The below listed drug interaction information is derived from studies using fluvastatin capsules. Similar studies have not been conducted using the fluvastatin sodium extended-release tablet.
| * Single dose unless otherwise noted † Mean ratio (with/without coadministered drug and no change = 1 fold) or % change (with/without coadministered drug and no change = 0%); symbols of ↑ and ↓ indicate the exposure increase and decrease, respectively. ‡ Considered clinically significant [see Dosage and Administration (2) and Drug Interactions (7)] | |||
| Coadministered drug and dosing regimen | Fluvastatin | ||
| Dose (mg)* | Change in AUC† | Change in Cmax† | |
| Cyclosporine – stable dose (b.i.d.)‡ | 20 mg QD for 14 weeks | ↑ 90% | ↑ 30% |
| Fluconazole 400 mg QD day 1,200 mg b.i.d. day 2 to 4‡ | 40 mg QD | ↑ 84% | ↑ 44% |
| Cholestyramine 8 g QD | 20 mg QD administered 4 hrs after a meal plus cholestyramine | ↓ 51% | ↓ 83% |
| Rifampicin 600 mg QD for 6 days | 20 mg QD | ↓ 53% | ↓ 42% |
| Cimetidine 400 mg b.i.d. for 5 days, QD on Day 6 | 20 mg QD | ↑ 30% | ↑ 40% |
| Ranitidine 150 mg b.i.d. for 5 days, QD on Day 6 | 20 mg QD | ↑ 10% | ↑ 50% |
| Omeprazole 40 mg QD for 6 days | 20 mg QD | ↑ 20% | ↑ 37% |
| Phenytoin 300 mg QD | 40 mg b.i.d. for 5 days | ↑ 40% | ↑ 27% |
| Propranolol 40 mg b.i.d. for 3.5 days | 40 mg QD | ↓ 5% | No change |
| Digoxin 0.1 to 0.5 mg QD for 3 weeks | 40 mg QD | No change | ↑ 11% |
| Diclofenac 25 mg QD | 40 mg QD for 8 days | ↑ 50% | ↑ 80% |
| Glyburide 5 to 20 mg QD for 22 days | 40 mg b.i.d. for 14 days | ↑ 51% | ↑ 44% |
| Warfarin 30 mg QD | 40 mg QD for 8 days | ↑ 30% | ↑ 67% |
| Clopidogrel 300 mg loading dose on day 10, 75 mg QD on days 11 to 19 | 80 mg XL QD for 19 days | ↓ 2% | ↑ 27% |
Data from drug-drug interaction studies involving fluvastatin and coadministration of either gemfibrozil, tolbutamide or losartan indicate that the PK disposition of either gemfibrozil, tolbutamide or losartan is not significantly altered when coadministered with fluvastatin.

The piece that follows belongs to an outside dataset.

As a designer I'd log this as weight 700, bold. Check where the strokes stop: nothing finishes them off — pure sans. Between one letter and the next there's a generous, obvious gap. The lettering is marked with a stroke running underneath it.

| * Single dose unless otherwise noted † Mean ratio (with/without coadministered drug and no change = 1 fold) or % change (with/without coadministered drug and no change = 0%); symbols of ↑ and ↓ indicate the exposure increase and decrease, respectively. ‡ Considered clinically significant [see Dosage and Administration (2) and Drug Interactions (7)] | |||
| Fluvastatin dosage regimen | Coadministered drug | ||
| Name and Dose (mg)* | Change in AUC† | Change in Cmax† | |
| 40 mg QD for 5 days | Phenytoin 300 mg QD‡ | ↑ 20% | ↑ 5% |
| 40 mg b.i.d. for 21 days | Glyburide 5 to 20 mg QD for 22 days‡ | ↑ 70% | ↑ 50% |
| 40 mg QD for 8 days | Diclofenac 25 mg QD | ↑ 25% | ↑ 60% |
| 40 mg QD for 8 days | Warfarin 30 mg QD | S-warfarin: ↑ 7% | S-warfarin: ↑ 10% |
| R-warfarin: no change | R-warfarin: ↑ 6% | ||
References
1. National Cholesterol Education Program (NCEP): Highlights of the Report of the Expert Panel on Blood Cholesterol Levels in Children and Adolescents. Pediatrics. 89(3):495-501.1992.

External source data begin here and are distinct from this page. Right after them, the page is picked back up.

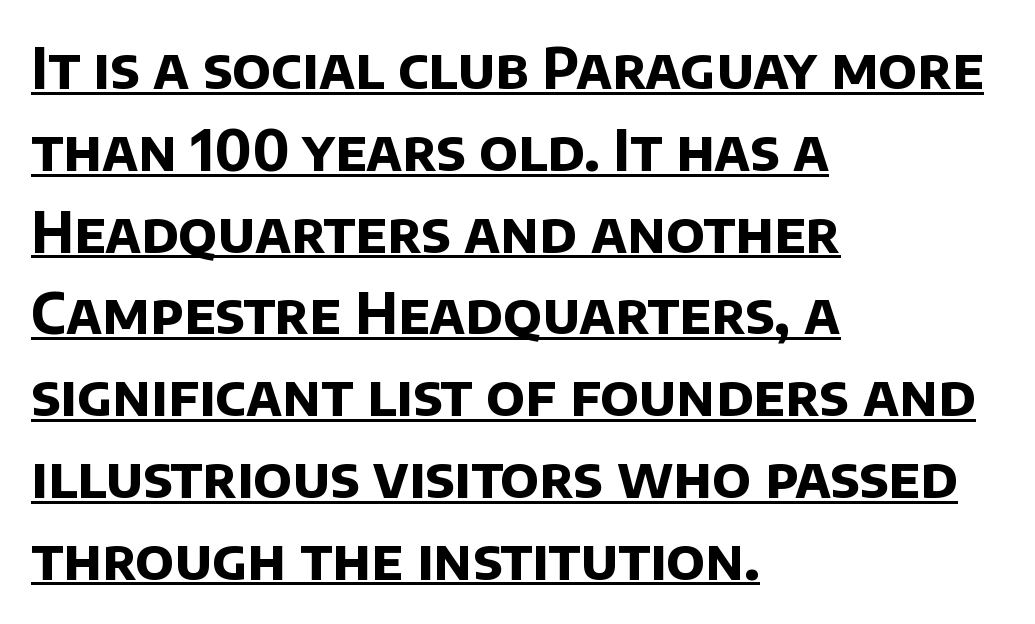
Q: Is the text bold? A: Yes.
Q: Is the typeface a serif or a sans-serif typeface? A: Sans-serif.
Q: Is the text underlined? A: Yes.
Q: How is the paragraph aligned? A: Left-aligned.
Q: Is the spacing between letters normal or unusually wide? A: Normal.
Q: Is the spacing between lines tight, normal or loose? A: Normal.
Q: Width (condensed, normal, or wide)? A: Normal.
Q: Stroke contrast? A: Low.
Q: x-height? A: Large.
Q: Monospaced? A: No.

2. Manson, J.M., Freyssinges, C., Ducrocq, M.B., Stephenson, W.P., Postmarketing Surveillance of Lovastatin and Simvastatin Exposure During Pregnancy, Reproductive Toxicology, 10(6): 439-446, 1996.
How Supplied/Storage and Handling
Fluvastatin sodium extended-release tablets are available as:
80 mg - white to off-white, film-coated, round tablets, debossed with “TV” on one side of the tablet and “7446” on the other side of the tablet, in bottles of 30 and 100. (NDC 0093-7446-56, NDC 0093-7446-01)
Store and Dispense
Store at 20° to 25°C (68° to 77°F) [See USP Controlled Room Temperature].
Dispense in a tight, light-resistant container as defined in the USP, with a child-resistant closure (as required). Protect from light.